The sensor system 110y receives the image packet group 501 via the transmission path 115z, and transmits (transfers) an image packet group 502 in which the header information of each image packet in the image packet group 501 has been updated to the sensor system 110x via the transmission path 115y. The sensor system 110y also analyzes each image packet in the image packet group 501. When the sensor system 110y detects that the image packet included in the image packet group 501 is the last packet (Yes in S409 in FIG. 4), after transmitting the image packet group 502, it transmits the image packet group 503 generated by the sensor system 110y to the sensor system 110x via the transmission path 115y (S417 in FIG. 4).
Thereafter, the sensor system 110x repeats the same process, and the image packets generated in the sensor systems 110z, 110y, and 110x are sequentially transmitted to the transmission path 115x. Subsequently, the sensor system 110w repeats the same process, and the image packets generated in the sensor systems 110z, 110y, 110x, and 110w are sequentially transmitted to the transmission path 115w.

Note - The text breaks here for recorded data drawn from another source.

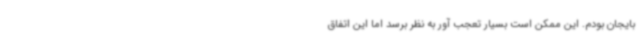
بایجان بودم. این ممکن است بسیار تعجب آور به نظر برسد اما این اتفاق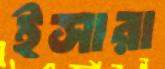
ইসারা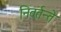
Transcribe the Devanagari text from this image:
निवर्तन्ते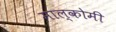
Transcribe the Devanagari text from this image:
माल्कोमी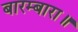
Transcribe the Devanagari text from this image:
बारम्बारा॥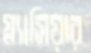
গ্ল্যাসিয়ার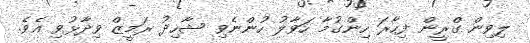
ލިވިން ގްރީން ފިހާރަ ހިންގުމާ ހަވާލު ހުންނެވި ޝާހިދު ރަމީޒް ވިދާޅުވި އެވެ.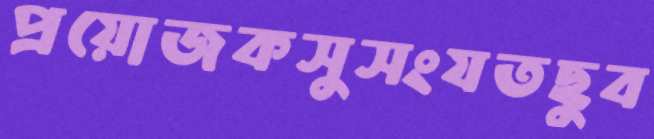
প্রয়োজকসুসংযতছুব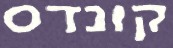
קונדס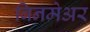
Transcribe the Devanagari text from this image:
बिनमेअर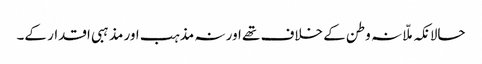
حالانکہ ملّا نہ وطن کے خلاف تھے اور نہ مذہب اور مذہبی اقدار کے۔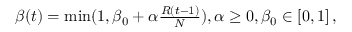
\begin{array} { r } { \beta ( t ) = \operatorname* { m i n } ( 1 , \beta _ { 0 } + \alpha \frac { R ( t - 1 ) } { N } ) , \alpha \geq 0 , \beta _ { 0 } \in \left[ 0 , 1 \right] , } \end{array}

Here, assume that the camera 112y of the sensor system 110y breaks down at time t1, which is before the timing signal 210 is generated at time T2. In this case, after time T2, the sensor system 110z transmits the image packet group 504 generated in the sensor system 110z to the sensor system 110y. Next, the sensor system 110y transmits the image packet group 505, in which the header information of each image packet of the image packet group 504 is updated, to the sensor system 110x. However, the sensor system 110y is unable to generate or transmit the image packet group 506 in the sensor system 110y.
When the sensor system 110x receives the image packet group 505, it transmits to the sensor system 110w an image packet group 507 in which the header information of each image packet in the image packet group 505 is updated. However, since the sensor system 110x cannot receive the image packet group 506 from the sensor system 110y, it cannot detect that the image packet included in the image packet group 506 is the last packet.

Because the sensor system 110x cannot detect the last packet, a period occurs during which the image packet group 508 generated by the sensor system 110x cannot be transmitted. After that, the start timer unit 308 of the sensor system 110x times out, allowing the image packet group 508 to be transmitted to the sensor system 110y. That is, the sensor system 110x can transmit the image packet group 508 to the sensor system 110y after the timer value tx1 has elapsed. When the start timer unit 308 of the sensor system 110x times out three times in a row (occurring between times T2 and T3, T3 and T4, and T4 and T5 in the example of FIG. 5), the default timer value tx1 set in the sensor system 110x is changed (S428 in FIG. 4).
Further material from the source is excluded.